PERSONAL DE APOYO
QUASSOLLO INFANZON Gonzalo Emiliano
congresos y reuniones científicas
Título:
Mitochondrial targeted Catalase as a potential antioxidant tool to revert oxidative stress in DS human fibrobasts.
Autor/es:
ZAMPONI EMILIANO; QUASSOLLO GONZALO; PIGINO GUSTAVO; HELGUERA PABLO
Reunión:
Workshop; Ciencia & Vida, Cell Biology Summer cuorse.; 2016
Resumen:
The free radical theory of aging propose that cumulative damage caused by reactive oxygen species ROS is responsible of the functional decline of living systems, leading to diseases and eventually death.
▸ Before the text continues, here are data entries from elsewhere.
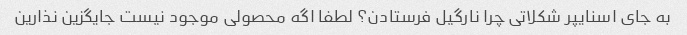
به جای اسنایپر شکلاتی چرا نارگیل فرستادن؟ لطفا اگه محصولی موجود نیست جایگزین نذارین
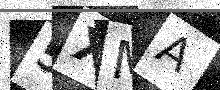
Text: 5XMA
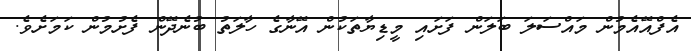
އެފްއޭއެމުން މައްސަލަ ބަލަން ފަށައި މީޑިޔާތަކުން އޭނާގެ ހާލަތު ބުނެދޭން ފެށުމުން ކަމަށެވެ.
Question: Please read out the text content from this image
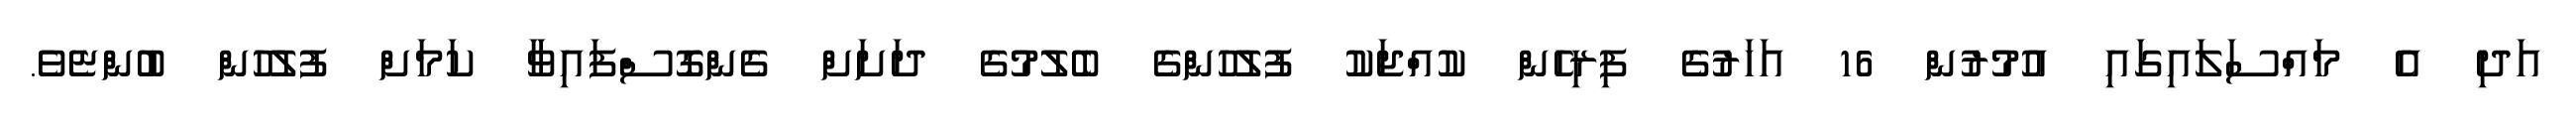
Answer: އަދި އެ މައްސަލައިގައި އުމުރުން 16 އަހަރުގެ ފިރިހެން ކުއްޖަކު ފުލުހުންގެ ބެލުމުގެ ދަށަށް ގެންގޮސްފައިވާ ކަމަށް ފުލުހުން ބުންޏެވެ.
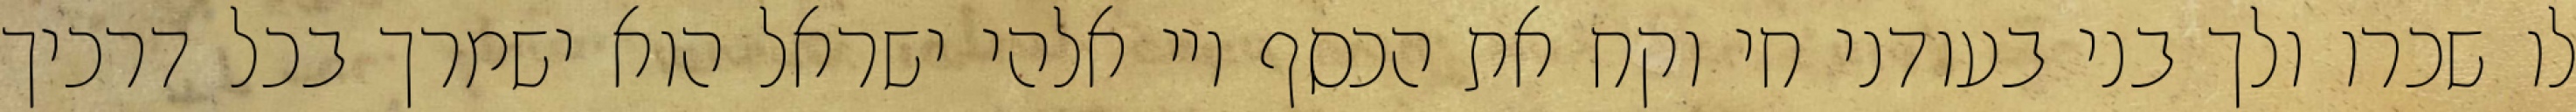
לו שכרו ולך בני בעודני חי וקח את הכסף ויי אלהי ישראל הוא ישמרך בכל דרכיך
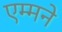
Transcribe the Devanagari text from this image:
एम्मने
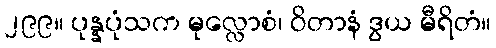
၂၉၉။ ပုန္နပုံသက မုလ္လောစံ၊ ဝိတာနံ ဒွယ မီရိတံ။
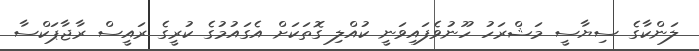
ލަންކާގެ ސިޔާސީ މަޝްރަހު ހޫނުވެފައިވަނީ ކުއްލި ގޮތަކަށް އެގައުމުގެ ކުރީގެ ރައީސް ރާޖާޕަކްސާ
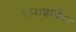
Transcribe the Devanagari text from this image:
स्पाइकिंग
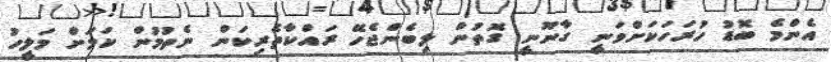
އެންމެ ބޮޑު ހުރަހަކަށްވަނީ ގާނޫނީ ގޮތުން ލިބެންޖެހޭ ރައްކާތެރިކަން ނެތުމުން ކަމަށް މަލީހު
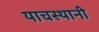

A successful longevity murine model was designed based on these concepts, targeting over expression peroxide degrading enzyme catalase to mitochondria (mCAT), the main center of reactive oxygen species (ROS) production.Our group has been studying aging in Down syndrome (DS). We have described for DS cells chronic oxidative stress associated with mitochondrial dysfunction that ends up compromising cellular functions, associated to transcriptome showint active antioxidant systems Nrf2 pathway, a master regulator of antioxidant response elements (ARE).Here we are presenting the characterization of mCAT expression in DS cells, using a lentiviral system. The strategy was efficient in decreasing mitochondrial chronic oxidative damage, restoring mitochondrial membrane potential and recovering the organelle's structure in these cells. We observed that mitochondrial dysfunction affected DS fibroblasts migration capacity and that mCAT rescued this parameter, too. Finally we explored Nrf2 pathway activation in DS fibroblasts, confirmed its upstream regulators, and observed that mCAT activity impacted the cellular stress response diminishing Nrf2 stabilization and nuclear translocation.